Task prompt:
Give back the lines below verbatim, omitting all pictures.

##### Task data #####

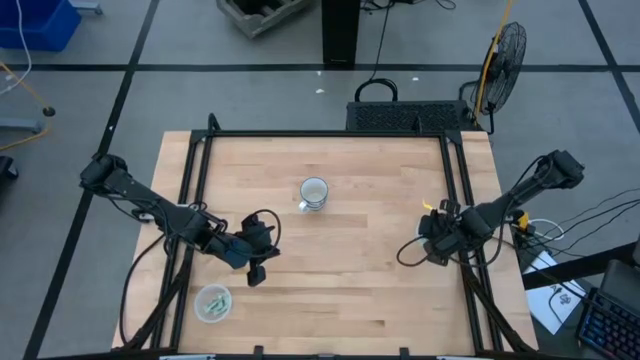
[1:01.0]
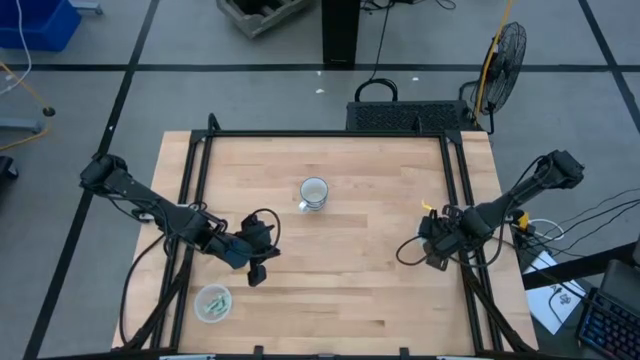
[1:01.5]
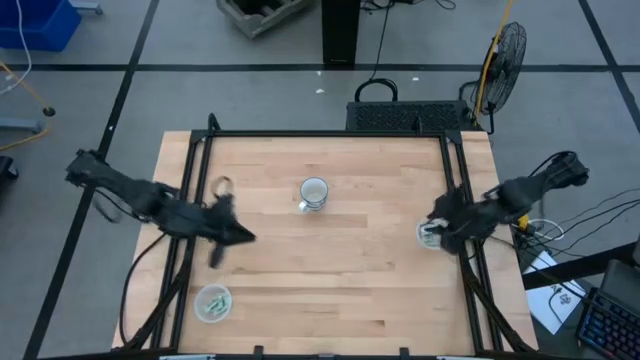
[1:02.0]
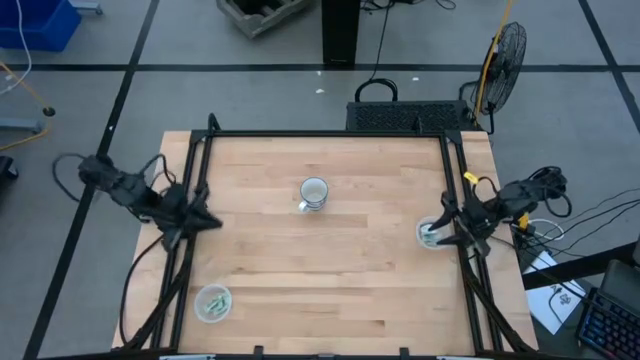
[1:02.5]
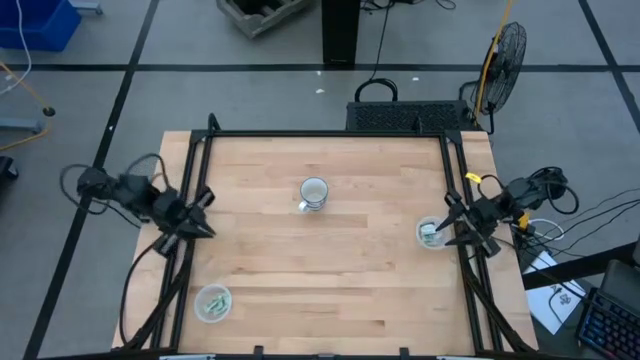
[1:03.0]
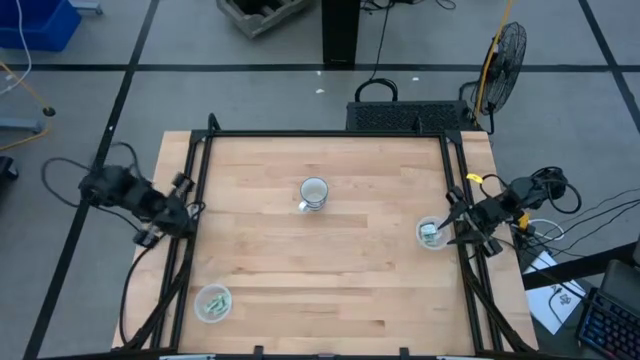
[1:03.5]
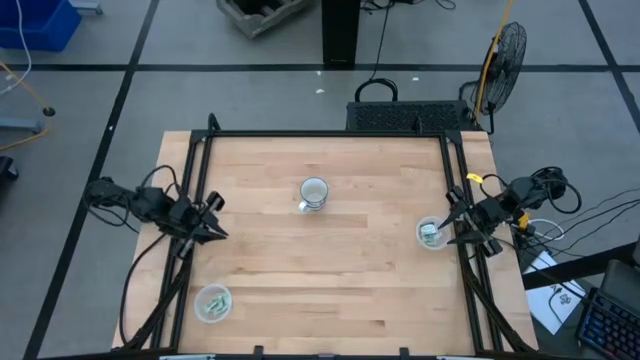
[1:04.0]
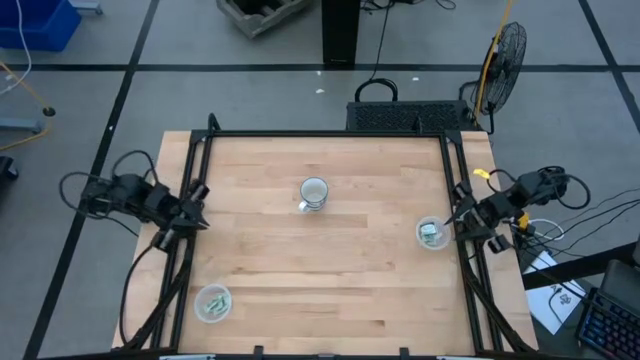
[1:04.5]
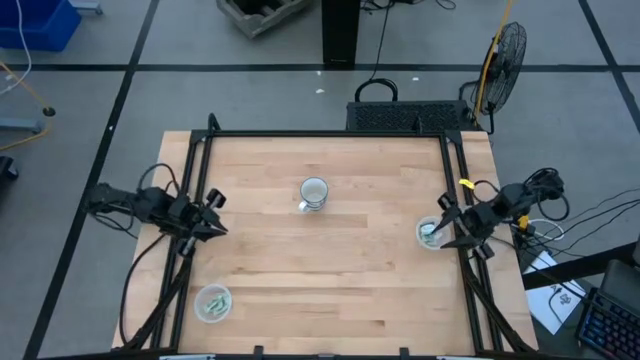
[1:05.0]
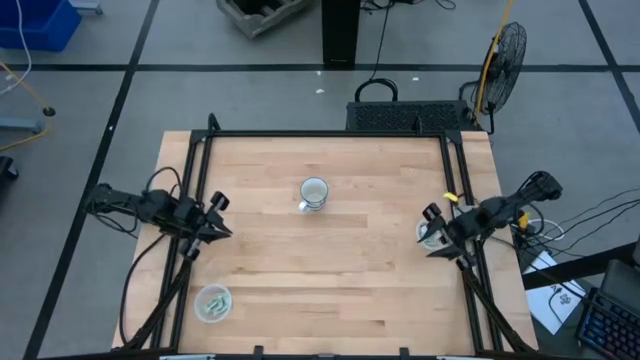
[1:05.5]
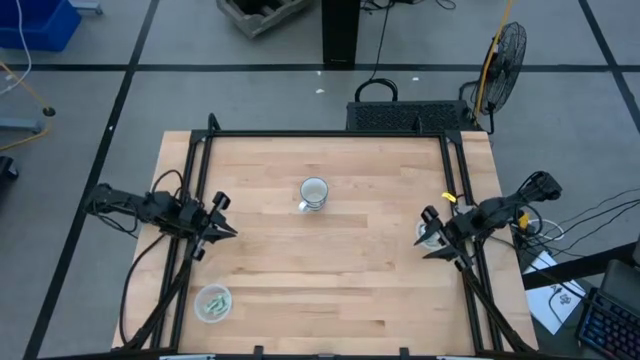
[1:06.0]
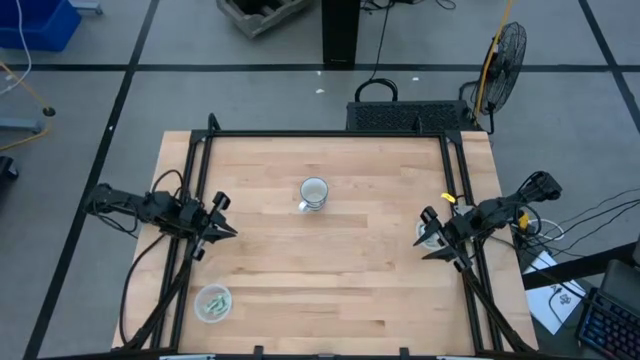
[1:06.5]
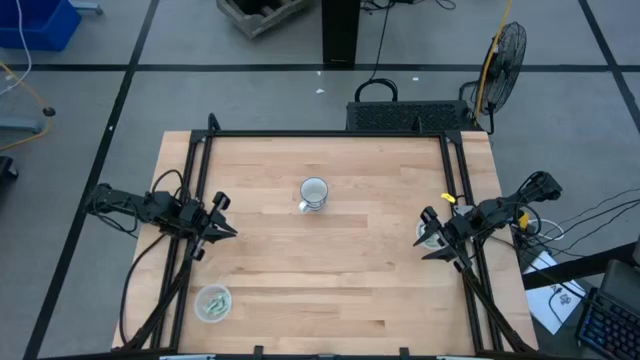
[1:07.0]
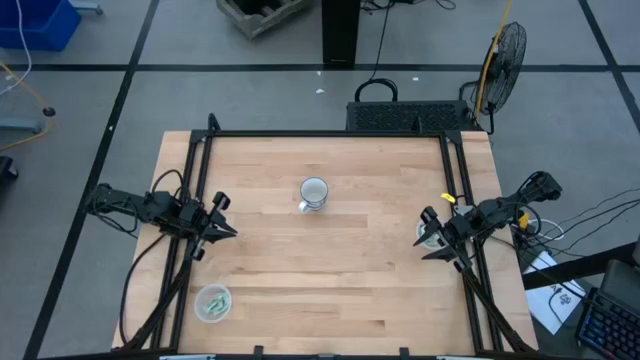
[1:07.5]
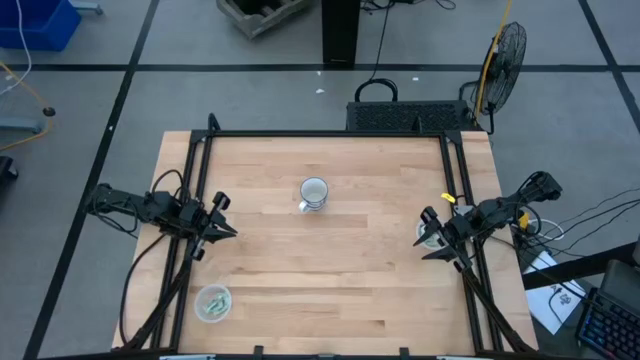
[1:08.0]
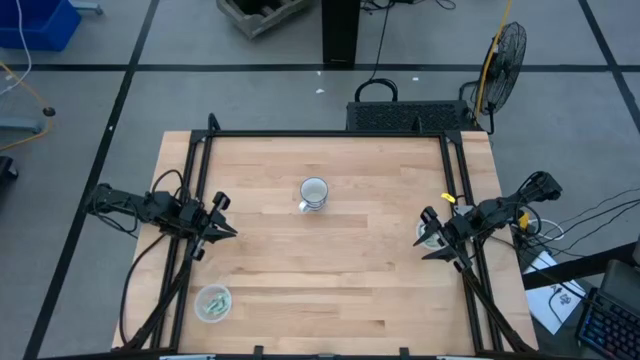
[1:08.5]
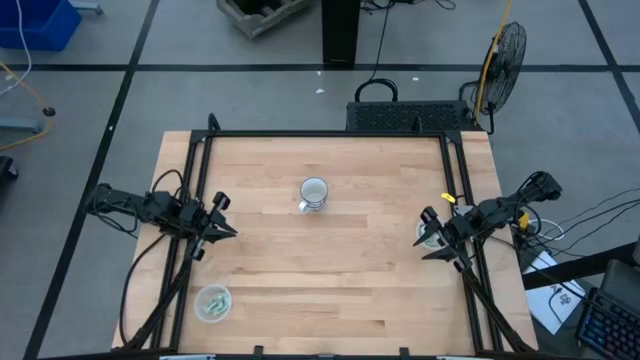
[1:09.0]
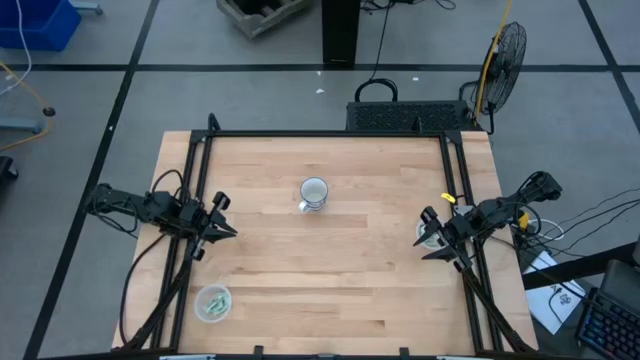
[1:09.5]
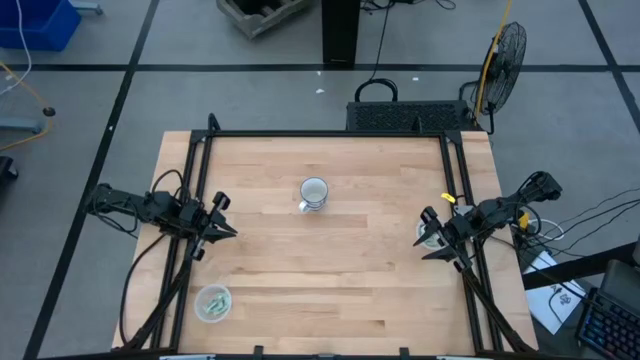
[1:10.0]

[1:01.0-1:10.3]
Return to Home Position

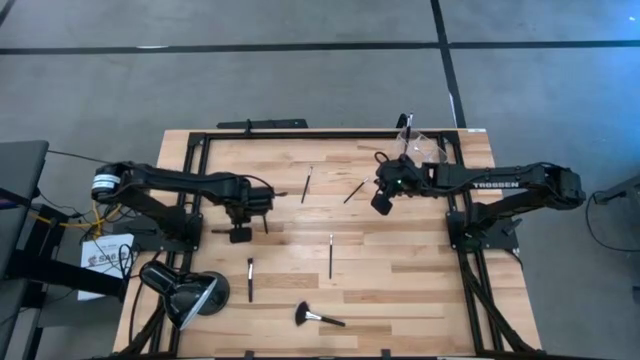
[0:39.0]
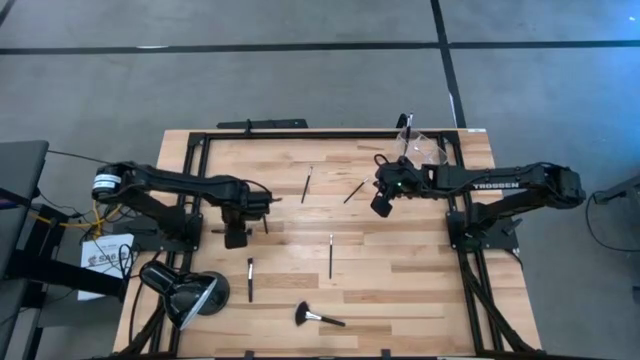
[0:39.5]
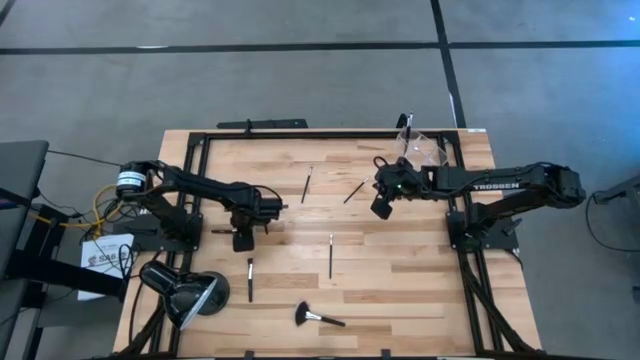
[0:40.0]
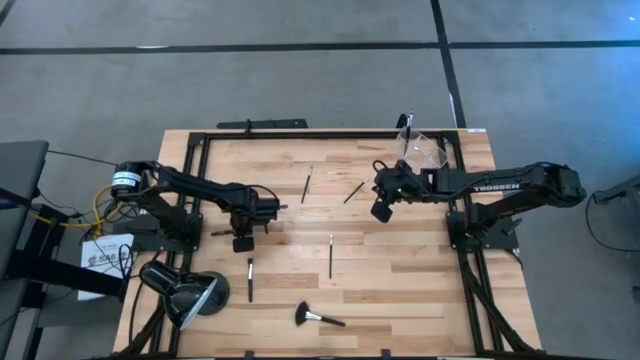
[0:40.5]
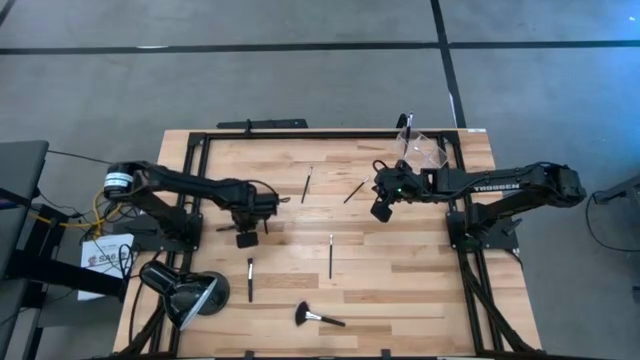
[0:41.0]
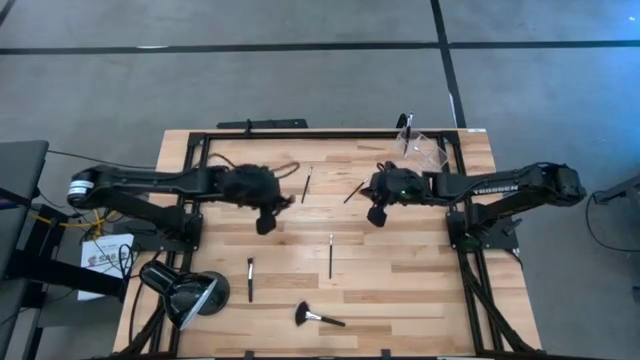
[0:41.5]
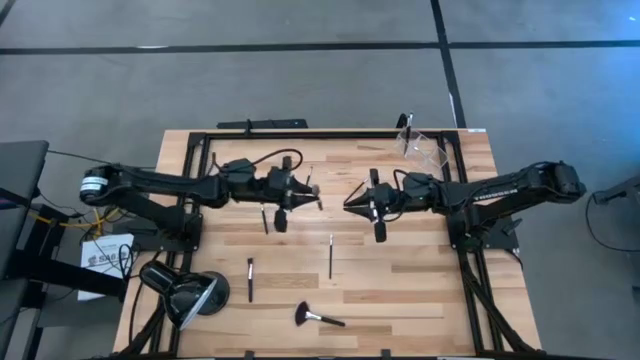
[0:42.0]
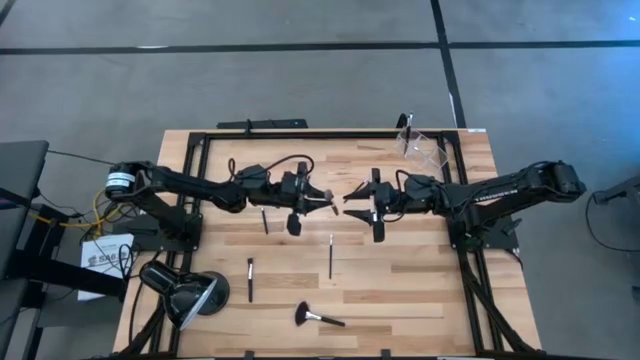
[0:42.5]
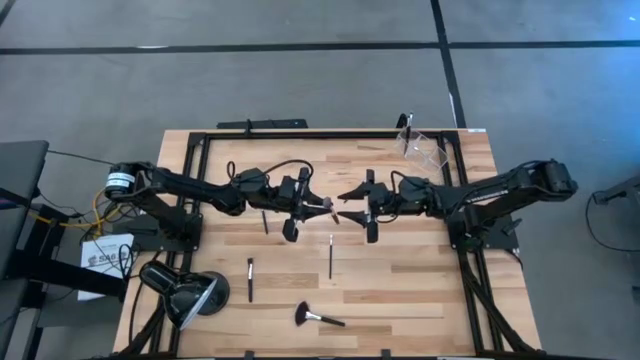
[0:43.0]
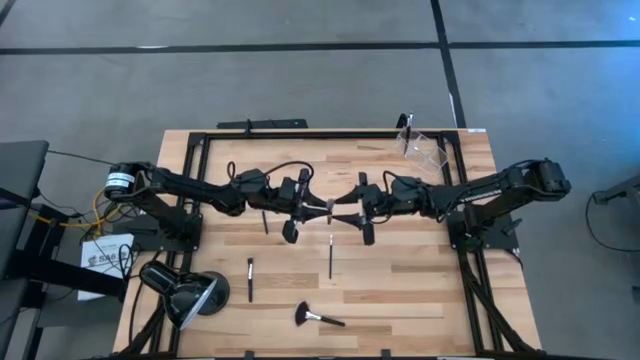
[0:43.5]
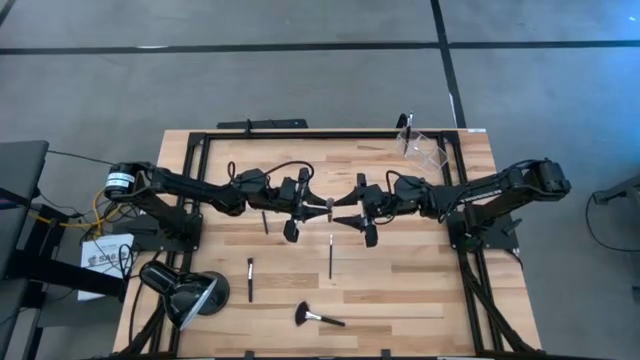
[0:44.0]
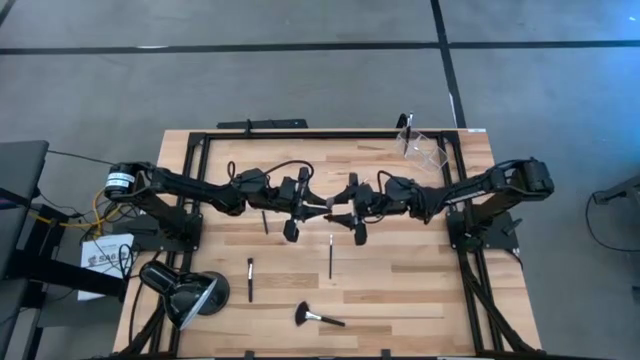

#####

Your solution:
[1:01.0]
[1:01.5]
[1:02.0]
[1:02.5]
[1:03.0]
[1:03.5]
[1:04.0]
[1:04.5]
[1:05.0]
[1:05.5]
[1:06.0]
[1:06.5]
[1:07.0]
[1:07.5]
[1:08.0]
[1:08.5]
[1:09.0]
[1:09.5]
[1:10.0]

[1:01.0-1:10.3]
Return to Home Position

[0:39.0]
[0:39.5]
[0:40.0]
[0:40.5]
[0:41.0]
[0:41.5]
[0:42.0]
[0:42.5]
[0:43.0]
[0:43.5]
[0:44.0]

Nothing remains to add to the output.